Re: Field Collapsing (was Re: Schema for group/child entity setup)

2009-09-04 Thread R. Tan
Okay. Thanks for giving an insight on how it works in general. Without
trying it myself, are the field values for the collapsed ones also part of
the results data?
What is the latest build that is safe to use on a production environment?
I'd probably go for that and use field collapsing.

Thank you very much.


On Fri, Sep 4, 2009 at 4:49 AM, Uri Boness ubon...@gmail.com wrote:

 The collapsed documents are represented by one master document which can
 be part of the normal search result (the doc list), so pagination just works
 as expected, meaning taking only the returned documents in account (ignoring
 the collapsed ones). As for the scoring, the master document is actually
 the document with the highest score in the collapsed group.

 As for Solr 1.3 compatibility... well... it's very hart to tell. All latest
 patch are certainly *not* 1.3 compatible (I think they're also depending on
 some changes in lucene which are not available for solr 1.3). I guess you'll
 have to try some of the old patches, but I'm not sure about their stability.

 cheers,
 Uri


 R. Tan wrote:

 Thanks Uri. How does paging and scoring work when using field collapsing?
 What patch works with 1.3? Is it production ready?

 R


 On Thu, Sep 3, 2009 at 3:54 PM, Uri Boness ubon...@gmail.com wrote:



 The development on this patch is quite active. It works well for single
 solr instance, but distributed search (ie. shards) is not yet supported.
 Using this page you can group search results based on a specific field.
 There are two flavors of field collapsing - adjacent and non-adjacent,
 the
 former collapses only document which happen to be located next to each
 other
 in the otherwise-non-collapsed results set. The later (the non-adjacent)
 one
 collapses all documents with the same field value (regardless of their
 position in the otherwise-non-collapsed results set). Note, that
 non-adjacent performs better than adjacent one. There's currently
 discussion
 to extend this support so in addition to collapsing the documents, extra
 information will be returned for the collapsed documents (see the
 discussion
 on the issue page).

 Uri


 R. Tan wrote:



 I think this is what I'm looking for. What is the status of this patch?

 On Thu, Sep 3, 2009 at 12:00 PM, R. Tan tanrihae...@gmail.com wrote:





 Hi Solrers,
 I would like to get your opinion on how to best approach a search
 requirement that I have.

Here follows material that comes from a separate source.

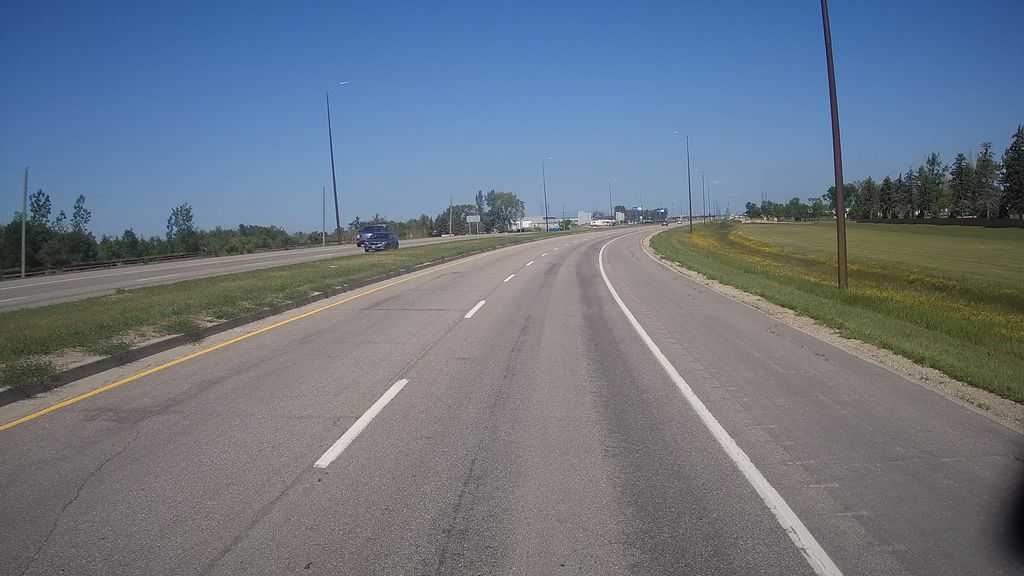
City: winnipeg

The scenario is I have a set of business
 listings
 that may be group into one parent business (such as 7-eleven having
 several
 locations). On the results page, I only want 7-eleven to show up once
 but
 also show how many locations matched the query (facet filtered by
 state,
 for
 example) and maybe a preview of the some of the locations.

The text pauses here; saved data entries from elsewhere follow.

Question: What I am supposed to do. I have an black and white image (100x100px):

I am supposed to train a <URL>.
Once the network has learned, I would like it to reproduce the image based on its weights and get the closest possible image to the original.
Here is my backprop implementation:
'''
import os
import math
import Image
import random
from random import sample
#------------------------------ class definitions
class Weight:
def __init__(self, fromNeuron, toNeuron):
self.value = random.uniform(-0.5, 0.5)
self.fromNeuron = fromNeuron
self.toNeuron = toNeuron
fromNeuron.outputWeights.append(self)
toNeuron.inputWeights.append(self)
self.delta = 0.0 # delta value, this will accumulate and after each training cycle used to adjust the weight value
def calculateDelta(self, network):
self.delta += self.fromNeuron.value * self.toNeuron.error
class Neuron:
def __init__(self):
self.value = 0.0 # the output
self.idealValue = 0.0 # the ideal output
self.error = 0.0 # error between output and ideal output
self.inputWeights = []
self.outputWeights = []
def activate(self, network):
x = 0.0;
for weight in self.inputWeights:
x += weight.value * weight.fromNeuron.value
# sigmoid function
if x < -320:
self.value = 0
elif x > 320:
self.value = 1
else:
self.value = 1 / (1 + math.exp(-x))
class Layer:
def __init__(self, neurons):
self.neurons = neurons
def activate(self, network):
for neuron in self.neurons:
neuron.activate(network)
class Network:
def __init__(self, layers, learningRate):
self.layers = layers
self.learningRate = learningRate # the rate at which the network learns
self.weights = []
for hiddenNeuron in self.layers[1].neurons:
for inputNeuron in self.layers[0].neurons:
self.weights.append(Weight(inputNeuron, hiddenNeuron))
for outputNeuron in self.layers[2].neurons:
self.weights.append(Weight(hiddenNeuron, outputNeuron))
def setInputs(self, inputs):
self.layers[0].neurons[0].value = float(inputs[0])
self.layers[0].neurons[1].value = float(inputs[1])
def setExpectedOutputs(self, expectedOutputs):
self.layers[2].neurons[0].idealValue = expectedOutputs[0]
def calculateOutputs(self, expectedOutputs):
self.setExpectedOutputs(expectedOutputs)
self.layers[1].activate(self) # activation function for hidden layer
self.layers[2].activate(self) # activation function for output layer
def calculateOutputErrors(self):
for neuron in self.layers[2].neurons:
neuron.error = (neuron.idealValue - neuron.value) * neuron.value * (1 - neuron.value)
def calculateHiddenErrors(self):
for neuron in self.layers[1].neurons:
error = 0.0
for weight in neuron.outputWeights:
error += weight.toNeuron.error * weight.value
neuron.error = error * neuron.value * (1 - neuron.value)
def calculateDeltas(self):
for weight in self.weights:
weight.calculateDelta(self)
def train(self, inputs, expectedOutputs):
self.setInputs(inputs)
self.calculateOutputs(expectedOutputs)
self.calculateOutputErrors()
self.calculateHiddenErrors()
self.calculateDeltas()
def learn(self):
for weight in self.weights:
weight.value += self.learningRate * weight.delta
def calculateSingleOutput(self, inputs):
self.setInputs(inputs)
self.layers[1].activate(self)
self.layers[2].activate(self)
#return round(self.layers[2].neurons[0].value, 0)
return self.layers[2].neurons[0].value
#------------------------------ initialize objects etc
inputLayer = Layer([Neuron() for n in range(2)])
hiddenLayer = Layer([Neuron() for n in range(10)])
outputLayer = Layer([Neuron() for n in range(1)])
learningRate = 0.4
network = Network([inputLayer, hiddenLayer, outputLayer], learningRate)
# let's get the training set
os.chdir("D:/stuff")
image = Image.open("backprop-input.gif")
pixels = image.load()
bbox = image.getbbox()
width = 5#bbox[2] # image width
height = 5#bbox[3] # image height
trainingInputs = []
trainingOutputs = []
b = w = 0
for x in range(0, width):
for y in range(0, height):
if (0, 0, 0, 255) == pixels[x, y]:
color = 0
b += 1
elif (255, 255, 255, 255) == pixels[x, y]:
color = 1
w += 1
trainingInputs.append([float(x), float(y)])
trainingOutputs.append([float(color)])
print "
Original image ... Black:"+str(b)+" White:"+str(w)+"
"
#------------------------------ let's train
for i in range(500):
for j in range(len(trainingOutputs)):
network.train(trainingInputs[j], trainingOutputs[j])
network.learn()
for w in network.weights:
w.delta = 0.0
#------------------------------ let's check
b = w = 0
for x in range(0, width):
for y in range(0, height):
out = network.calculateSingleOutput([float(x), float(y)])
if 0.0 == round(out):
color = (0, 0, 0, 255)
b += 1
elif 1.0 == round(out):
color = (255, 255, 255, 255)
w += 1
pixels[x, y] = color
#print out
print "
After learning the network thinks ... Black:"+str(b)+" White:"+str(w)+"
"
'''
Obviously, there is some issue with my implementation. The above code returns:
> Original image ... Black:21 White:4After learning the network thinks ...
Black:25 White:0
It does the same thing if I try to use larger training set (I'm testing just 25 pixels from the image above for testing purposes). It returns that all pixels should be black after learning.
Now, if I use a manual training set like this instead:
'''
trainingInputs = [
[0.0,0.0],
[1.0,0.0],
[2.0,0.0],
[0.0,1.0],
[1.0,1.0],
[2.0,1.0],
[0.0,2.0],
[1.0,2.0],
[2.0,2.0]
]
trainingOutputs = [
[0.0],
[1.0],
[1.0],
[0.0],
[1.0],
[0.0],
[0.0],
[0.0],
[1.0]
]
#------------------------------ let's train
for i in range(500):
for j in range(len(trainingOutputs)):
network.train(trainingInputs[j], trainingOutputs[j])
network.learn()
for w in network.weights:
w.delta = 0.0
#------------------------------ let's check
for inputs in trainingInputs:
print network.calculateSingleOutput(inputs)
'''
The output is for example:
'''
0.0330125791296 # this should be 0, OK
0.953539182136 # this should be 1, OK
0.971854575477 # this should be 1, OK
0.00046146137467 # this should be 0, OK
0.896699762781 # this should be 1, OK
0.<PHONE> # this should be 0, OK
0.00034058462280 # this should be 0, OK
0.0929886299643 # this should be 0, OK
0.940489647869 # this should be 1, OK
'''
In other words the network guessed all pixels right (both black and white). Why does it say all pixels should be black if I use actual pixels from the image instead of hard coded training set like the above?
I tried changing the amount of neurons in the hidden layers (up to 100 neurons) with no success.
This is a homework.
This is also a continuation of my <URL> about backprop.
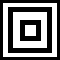
Answer: It's been a while, but I did get my degree in this stuff, so I think hopefully some of it has stuck.
From what I can tell, you're too deeply overloading your middle layer neurons with the input set. That is, your input set consists of 10,000 discrete input values (100 pix x 100 pix); you're attempting to encode those 10,000 values into 10 neurons. This level of encoding is hard (I suspect it's possible, but certainly hard); at the least, you'd need a LOT of training (more than 500 runs) to get it to reproduce reasonably. Even with 100 neurons for the middle layer, you're looking at a relatively dense compression level going on (100 pixels to 1 neuron).
As to what to do about these problems; well, that's tricky. You can increase your number of middle neurons dramatically, and you'll get a reasonable effect, but of course it'll take a long time to train. However, I think there might be a different solution; if possible, you might consider using polar coordinates instead of cartesian coordinates for the input; quick eyeballing of the input pattern indicates a high level of symmetry, and effectively you'd be looking at a linear pattern with a repeated predictable deformation along the angular coordinate, which it seems would encode nicely in a small number of middle layer neurons.
This stuff is tricky; going for a general solution for pattern encoding (as your original solution does) is very complex, and can usually (even with large numbers of middle layer neurons) require a lot of training passes; on the other hand, some advance heuristic task breakdown and a little bit of problem redefinition (i.e. advance converting from cartesian to polar coordinates) can give good solutions . Therein, of course, is the perpetual rub; general solutions are hard to come by, but slightly more specified solutions can be quite nice indeed.
Interesting stuff, in any event!

 Searching for the business name is straightforward but the locations
 within
 the a result is quite tricky. I can do the opposite, searching for the
 locations and faceting on business names, but it will still basically
 be
 the
 same thing and repeat results with the same business name.

 Any advice?

 Thanks,
 R














Re: Field Collapsing (was Re: Schema for group/child entity setup)

2009-09-04 Thread R. Tan
Anybody using it on public site? Would love to see some live examples.

On Sat, Sep 5, 2009 at 12:50 AM, R. Tan tanrihae...@gmail.com wrote:

 Okay. Thanks for giving an insight on how it works in general. Without
 trying it myself, are the field values for the collapsed ones also part of
 the results data?
 What is the latest build that is safe to use on a production environment?
 I'd probably go for that and use field collapsing.

 Thank you very much.


 On Fri, Sep 4, 2009 at 4:49 AM, Uri Boness ubon...@gmail.com wrote:

 The collapsed documents are represented by one master document which can
 be part of the normal search result (the doc list), so pagination just works
 as expected, meaning taking only the returned documents in account (ignoring
 the collapsed ones). As for the scoring, the master document is actually
 the document with the highest score in the collapsed group.

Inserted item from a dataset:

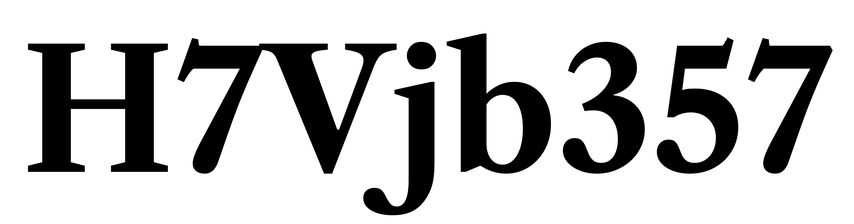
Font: LibreCaslonText_Bold

 As for Solr 1.3 compatibility... well... it's very hart to tell. All
 latest patch are certainly *not* 1.3 compatible (I think they're also
 depending on some changes in lucene which are not available for solr 1.3). I
 guess you'll have to try some of the old patches, but I'm not sure about
 their stability.

 cheers,
 Uri


 R. Tan wrote:

 Thanks Uri. How does paging and scoring work when using field collapsing?
 What patch works with 1.3? Is it production ready?

 R


 On Thu, Sep 3, 2009 at 3:54 PM, Uri Boness ubon...@gmail.com wrote:



 The development on this patch is quite active. It works well for single
 solr instance, but distributed search (ie. shards) is not yet supported.
 Using this page you can group search results based on a specific field.
 There are two flavors of field collapsing - adjacent and non-adjacent,
 the
 former collapses only document which happen to be located next to each
 other
 in the otherwise-non-collapsed results set. The later (the non-adjacent)
 one
 collapses all documents with the same field value (regardless of their
 position in the otherwise-non-collapsed results set). Note, that
 non-adjacent performs better than adjacent one. There's currently
 discussion
 to extend this support so in addition to collapsing the documents, extra
 information will be returned for the collapsed documents (see the
 discussion
 on the issue page).

 Uri


 R. Tan wrote:



 I think this is what I'm looking for. What is the status of this patch?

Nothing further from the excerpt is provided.